Por isso, devemos eliminar o que é especificamente humano, as crenças e os rituais do parto. Eliminar o que é especificamente humano significa que durante o processo do nascimento o neocórtex deve parar de funcionar. Ao mesmo tempo, temos que redescobrir, atender e satisfazer as necessidades universais que todos os mamíferos em trabalho de parto têm, que é se sentir seguro – se existe um predador em volta, a fêmea libera adrenalina para ter energia para lutar ou fugir, e vai adiar o parto até se sentir segura – e ter privacidade – todos as fêmeas de mamíferos têm estratégias para não se sentirem observadas quando dão a luz. Essas são as regras simples que devemos seguir.

No contexto científico atual pode-se dizer que a mulher foi programada para liberar um coquetel de hormônios do amor quando está em trabalho de parto. Mas hoje, a maioria das mulheres tem seus bebês sem depender da liberação desse coquetel de hormônios, muitas por fazerem cesárea e, entre as que dão a luz por parto vaginal, por não poderem facilmente liberar os hormônios em ambientes inapropriados. E como não conseguem liberar facilmente os hormônios naturais, precisam de medicamentos que os substituem: precisam de ocitocina sintética no soro, precisam da analgesia peridural para substituir as endorfinas, precisam de medicamentos para eliminar a placenta. Tudo isso bloqueia a liberação dos hormônios naturais.
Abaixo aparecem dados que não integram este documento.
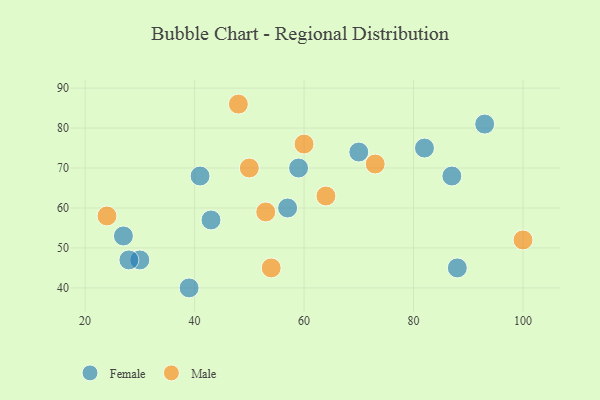
{"axis": {"x": "GDP", "y": "Life Expectancy"}, "legend": ["Female", "Male"], "data": [{"x": "82", "y": 75, "type": "Female"}, {"x": "30", "y": 47, "type": "Female"}, {"x": "93", "y": 81, "type": "Female"}, {"x": "43", "y": 57, "type": "Female"}, {"x": "41", "y": 68, "type": "Female"}, {"x": "88", "y": 45, "type": "Female"}, {"x": "87", "y": 68, "type": "Female"}, {"x": "59", "y": 70, "type": "Female"}, {"x": "39", "y": 40, "type": "Female"}, {"x": "28", "y": 47, "type": "Female"}, {"x": "27", "y": 53, "type": "Female"}, {"x": "70", "y": 74, "type": "Female"}, {"x": "57", "y": 60, "type": "Female"}, {"x": "73", "y": 71, "type": "Male"}, {"x": "48", "y": 86, "type": "Male"}, {"x": "64", "y": 63, "type": "Male"}, {"x": "60", "y": 76, "type": "Male"}, {"x": "54", "y": 45, "type": "Male"}, {"x": "53", "y": 59, "type": "Male"}, {"x": "24", "y": 58, "type": "Male"}, {"x": "100", "y": 52, "type": "Male"}, {"x": "50", "y": 70, "type": "Male"}]}

Estamos em um momento hoje em que o número de mulheres que dão a luz e que eliminam os hormônios naturais do amor está tendendo a zero. Isso é uma situação sem precedentes. Os seres humanos são tão inteligentes e tão espertos, devido ao seu neocórtex, que conseguiram tornar os hormônios do amor em hormônios inúteis. Precisamos levantar questões sobre isso em termos da nossa civilização, não agora, não para esse bebê ou essa mulher, mas o que vai acontecer daqui a três ou quatro gerações se continuarmos nessa direção? Se fizermos a pergunta dessa forma e percebendo que precisamos redescobrir as necessidades básicas da mulher em trabalho de parto e do bebê recém-nascido e atender às regras básicas e simples, podemos dizer que a prioridade hoje não é humanizar o parto. A prioridade hoje é mamiferizar o parto.